Yesterday, I wrote about the Canadian Supreme Court’s decision on physician assisted death. Dr. Bill Wright, the doc who has written two books featured in these pages on prison medicine, wrote me. He offered these thoughts and has allowed me to reprint them:
“I’m not afraid of death; I just don’t want to be there when it happens.” ― Woody Allen
Since I’m not literate enough in legalese to interpret the Canadian Supreme Court’s decision, I’ll present the medical side.
Doctors are philosophically split on the issue of physician-assisted suicide, just as they are on issues like abortion. It’s fine to have these differences as long as they don’t interfere with the job we signed up for — taking care of patients.
I take care of end-of-life patients every day. I have patients who cling to life despite incredible incapacity and physical pain. Others with incurable illness may not be that physically disabled yet, but they see the handwriting on the wall and don’t want to experience what they see as a horrible end to their lives.
As their physician it’s not my responsibility to make the decision about ending life for them. It is my responsibility to be their advocate, helping them to understand what the nature of their disease is and the treatment options available. One of the options, I believe, is to throw in the towel.
That doesn’t mean that it’s the best option, but right now in Colorado it’s not an option at all.
The law says I have to stand by the bedside of my patient with an abdomen swollen to obscene proportions from end-stage liver disease and simply watch until he eventually vomits enough blood to exsanguinate. There’s something wrong here.
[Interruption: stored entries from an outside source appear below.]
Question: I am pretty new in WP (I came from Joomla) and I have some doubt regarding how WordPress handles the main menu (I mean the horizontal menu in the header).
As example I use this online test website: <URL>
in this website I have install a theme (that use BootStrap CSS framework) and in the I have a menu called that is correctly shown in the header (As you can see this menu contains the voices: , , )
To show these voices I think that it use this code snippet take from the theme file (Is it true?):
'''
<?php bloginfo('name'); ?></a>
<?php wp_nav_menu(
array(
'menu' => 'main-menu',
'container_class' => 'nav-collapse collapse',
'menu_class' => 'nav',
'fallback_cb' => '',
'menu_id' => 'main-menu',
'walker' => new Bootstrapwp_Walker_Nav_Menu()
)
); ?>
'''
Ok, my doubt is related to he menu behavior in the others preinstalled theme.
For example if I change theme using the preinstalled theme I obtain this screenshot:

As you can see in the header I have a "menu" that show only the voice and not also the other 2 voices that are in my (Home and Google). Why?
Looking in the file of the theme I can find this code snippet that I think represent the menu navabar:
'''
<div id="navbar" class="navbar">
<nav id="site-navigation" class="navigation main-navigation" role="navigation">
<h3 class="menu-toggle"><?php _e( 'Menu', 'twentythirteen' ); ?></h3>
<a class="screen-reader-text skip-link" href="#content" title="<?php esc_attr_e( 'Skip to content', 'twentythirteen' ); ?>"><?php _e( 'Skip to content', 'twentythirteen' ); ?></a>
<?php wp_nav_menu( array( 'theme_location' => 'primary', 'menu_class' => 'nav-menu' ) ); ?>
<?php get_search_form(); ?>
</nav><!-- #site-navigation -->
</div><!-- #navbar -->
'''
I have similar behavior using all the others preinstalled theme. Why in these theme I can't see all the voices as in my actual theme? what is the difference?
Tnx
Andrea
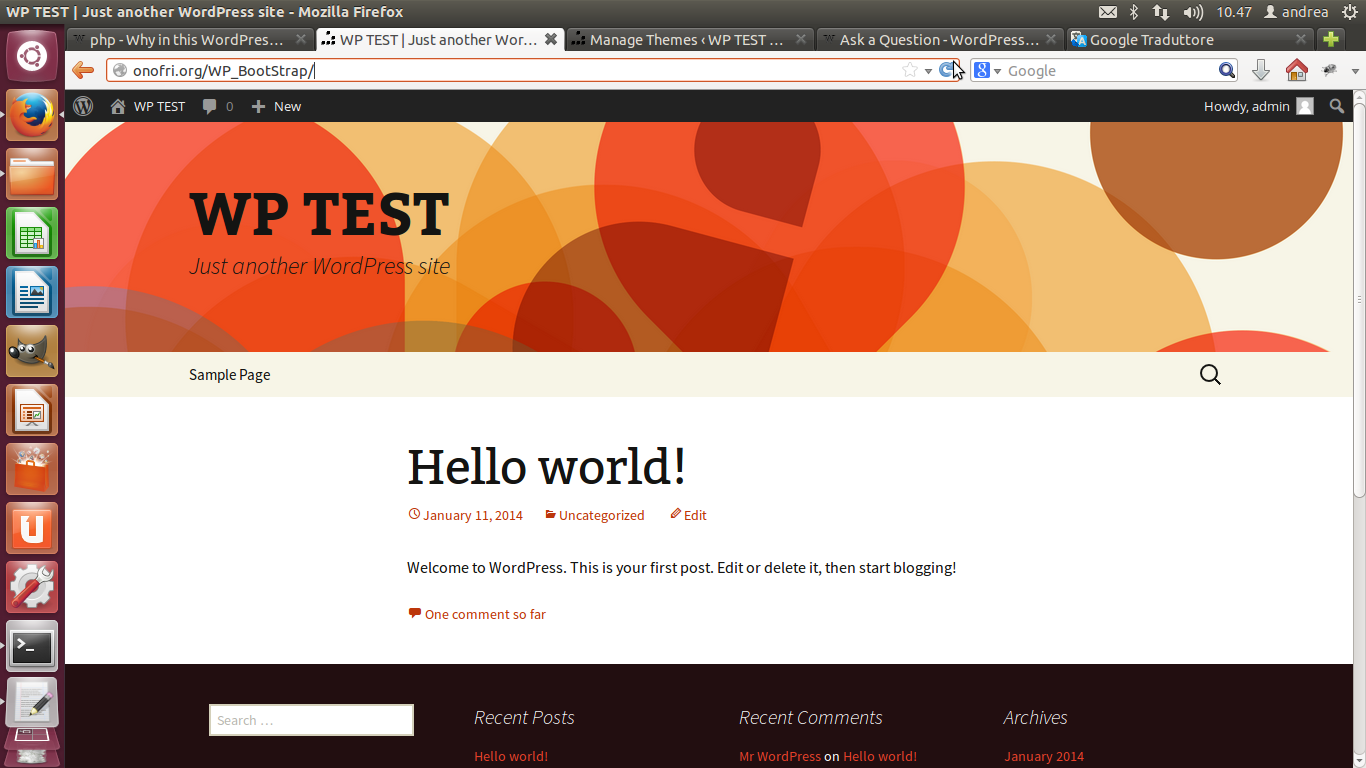
Answer: I think this is because the menu isn't set properly in the Appearances > Menu area. Have you tried it in the other pre-installed themes such as twentytwelve?
At the bottom of the Appearance > Menu screen, you will see an option called "Menu Settings". Make sure that the Theme Locations box is ticked to "Primary".
This simple solution should solve your problem.
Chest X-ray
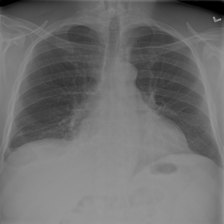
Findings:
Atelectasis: negative
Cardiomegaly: negative
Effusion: negative
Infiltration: negative
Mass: negative
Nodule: negative
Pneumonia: negative
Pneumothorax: negative
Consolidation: negative
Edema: negative
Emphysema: negative
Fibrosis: negative
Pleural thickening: negative
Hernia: negative
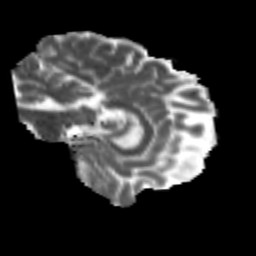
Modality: MD
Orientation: sagittal
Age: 29
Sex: male
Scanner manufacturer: siemens
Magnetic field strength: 3 T
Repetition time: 3.5 s
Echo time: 0.113 s
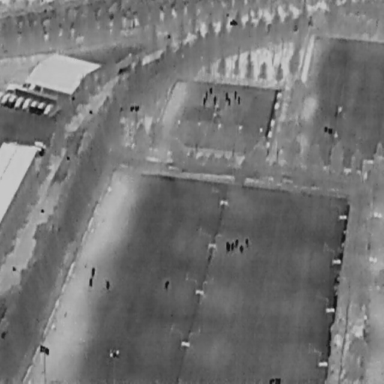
There are seven Cars in the infrared image.
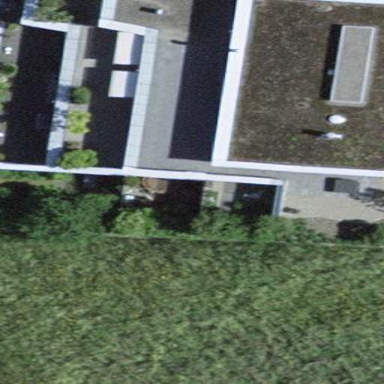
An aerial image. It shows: Terrace building.
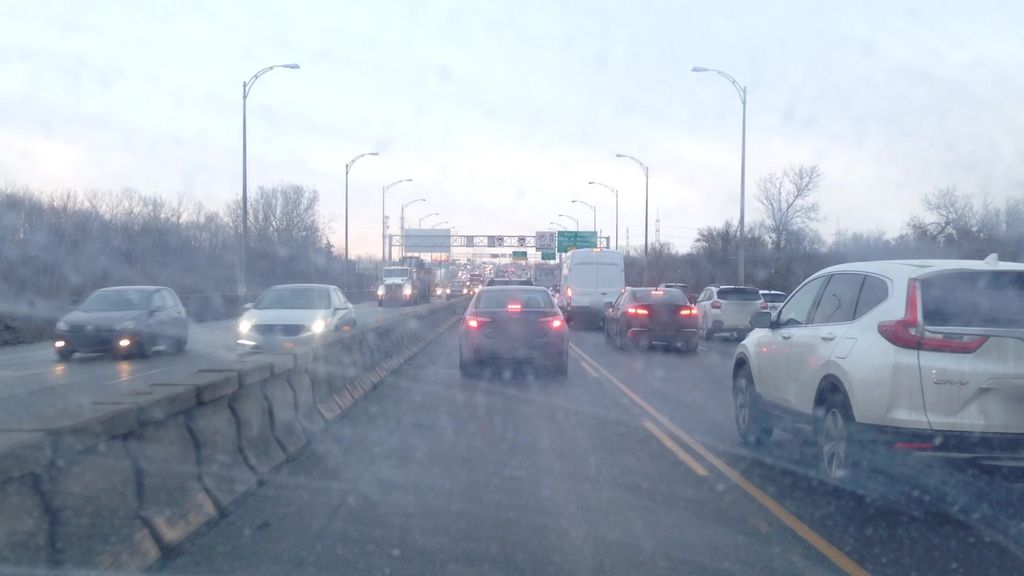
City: montreal
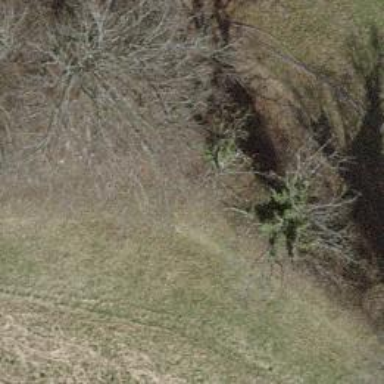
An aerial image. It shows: Broadleaved tree with lush foliage.
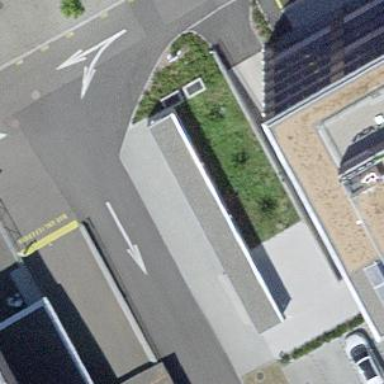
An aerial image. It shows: Bicycle parking shed.
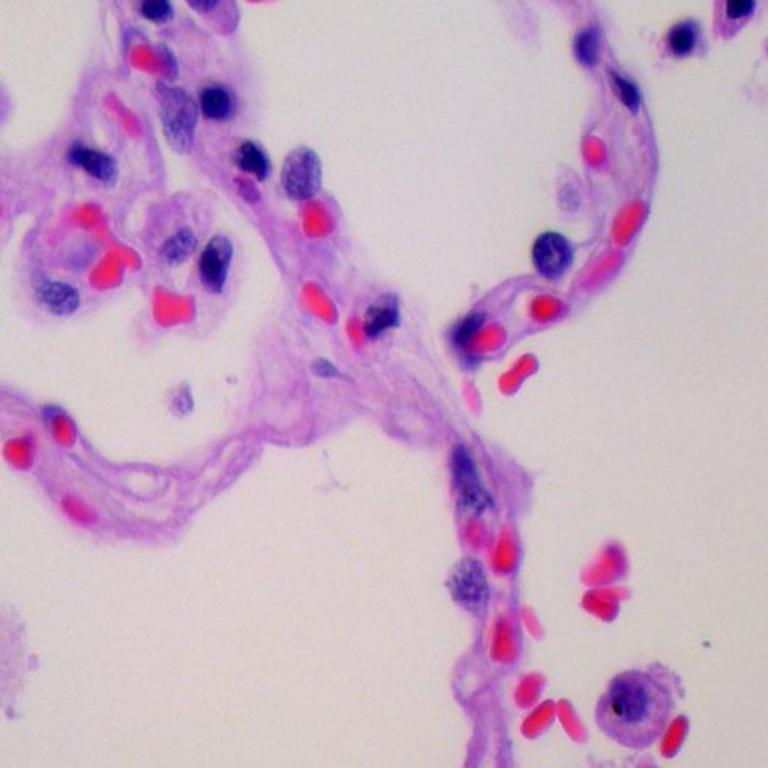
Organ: lung
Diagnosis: benign
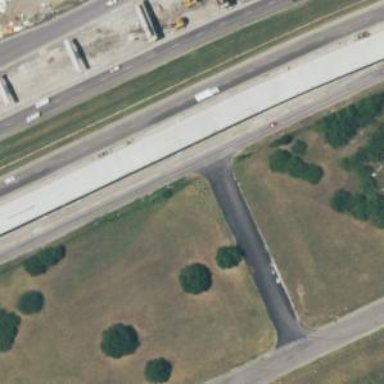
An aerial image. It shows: Secondary road with frontage road.
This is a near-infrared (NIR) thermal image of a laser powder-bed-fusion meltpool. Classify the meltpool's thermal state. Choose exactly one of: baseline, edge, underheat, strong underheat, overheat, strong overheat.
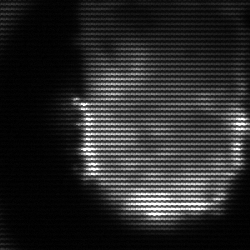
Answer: baseline
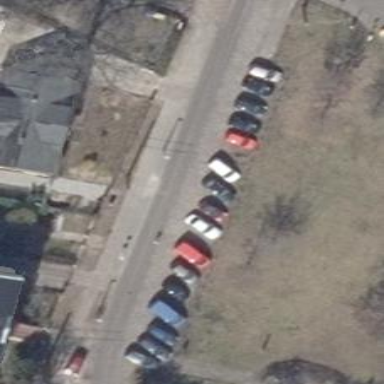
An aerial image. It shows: Parking lane area.
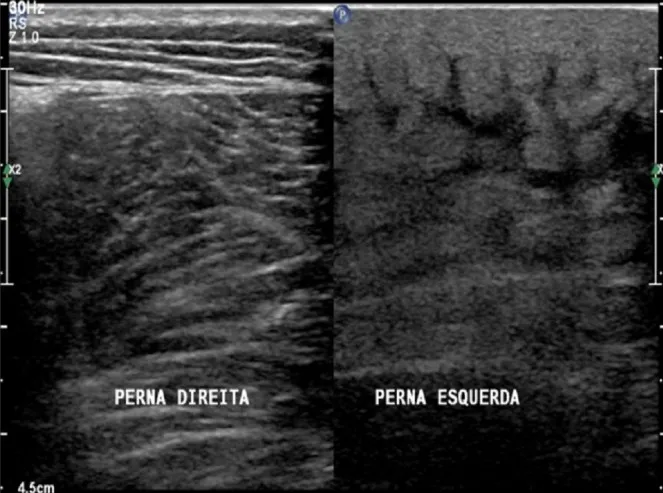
High-frequency ultrasound. Left side of the image: normal right lower limb; right side of the image: left lower limb with lymphedema and disarrangement of skin structures.
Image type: radiology (ultrasound)
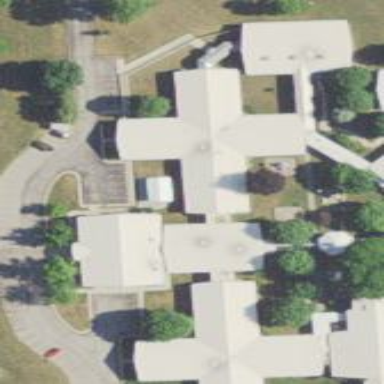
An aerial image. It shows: Hospice building providing healthcare services.
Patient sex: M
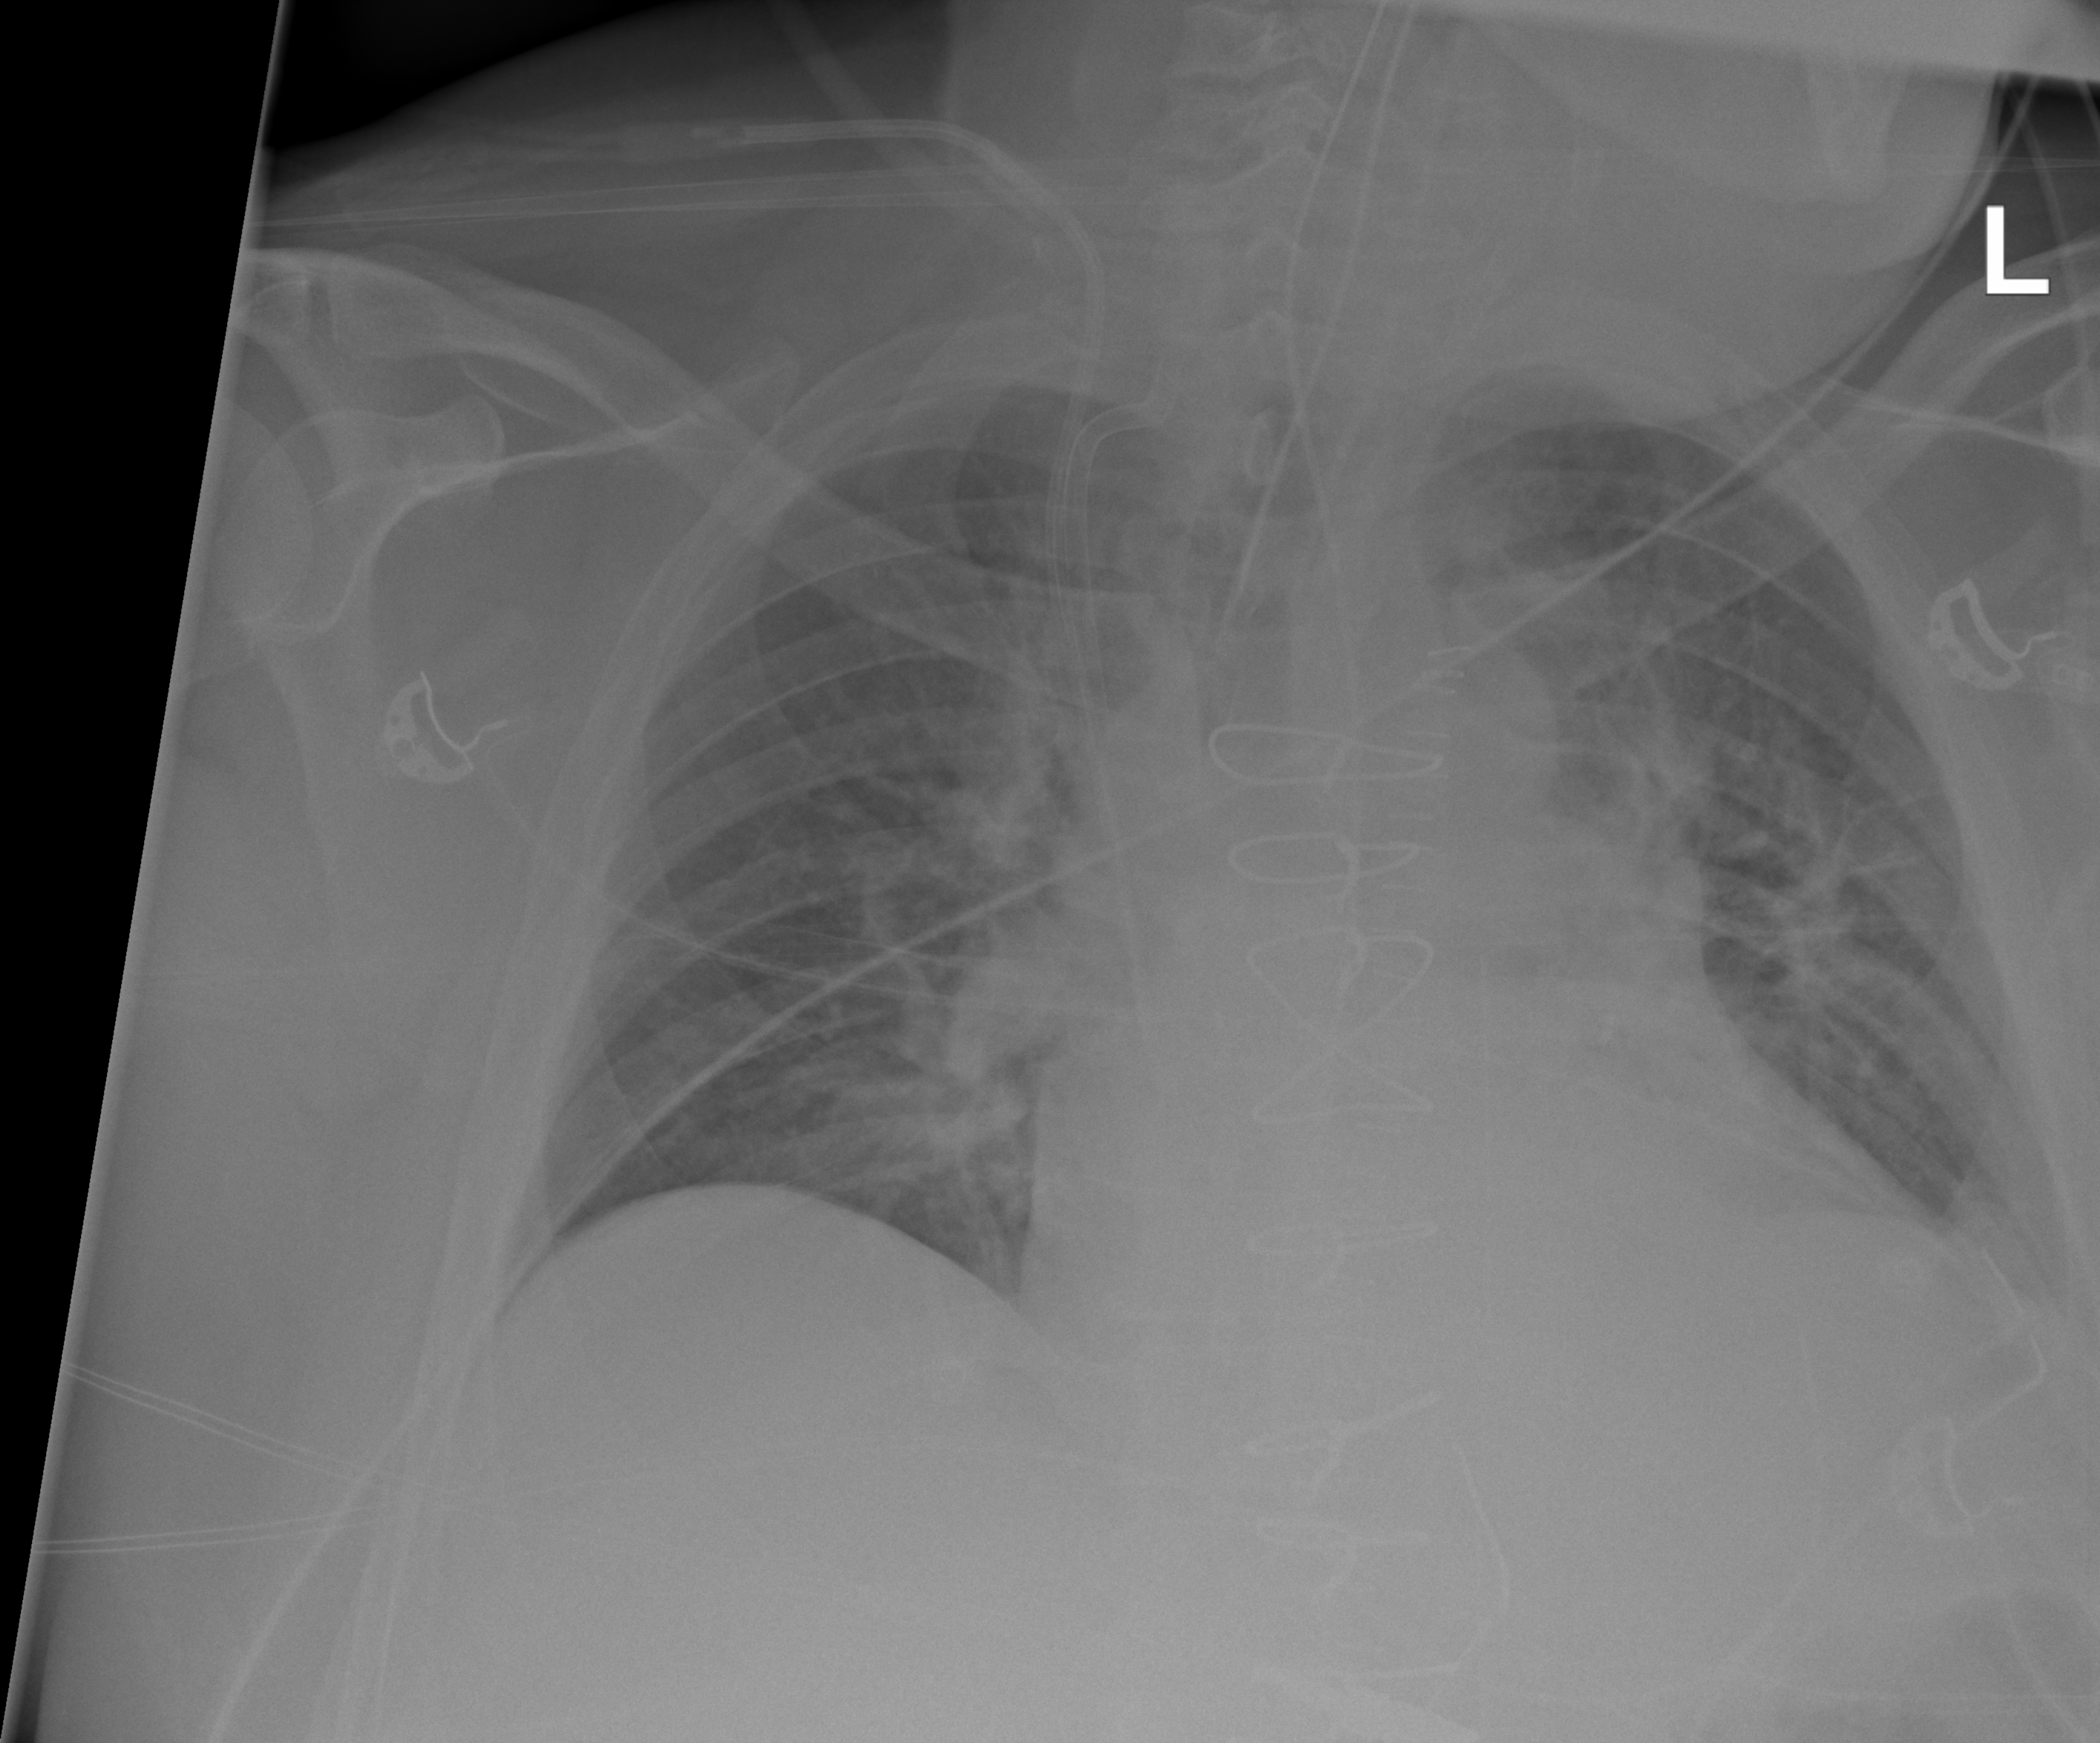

Assuming my patient says he’s tired of this existence and wants to end it, telling him that he has to stick it out until the grim reaper decides to amble by one day in the indefinite future is cruel in the extreme.
Some argue that hospice care keeps such a patient comfortable, but lying in that pool of desolation taking narcotics is not what most of us would see as comfortable. We wouldn’t allow one of our pets to endure such misery, and yet we deny the same surcease to our fellow humans.
Since Brittany Maynard’s death, more states, including Colorado, are pursuing “death with dignity” statutes. It can’t come too soon for me.
Bill Wright, M.D.
My thanks to Dr. Wright. We probably should listen closely to physicians who will see us through to the other end, whatever that might be.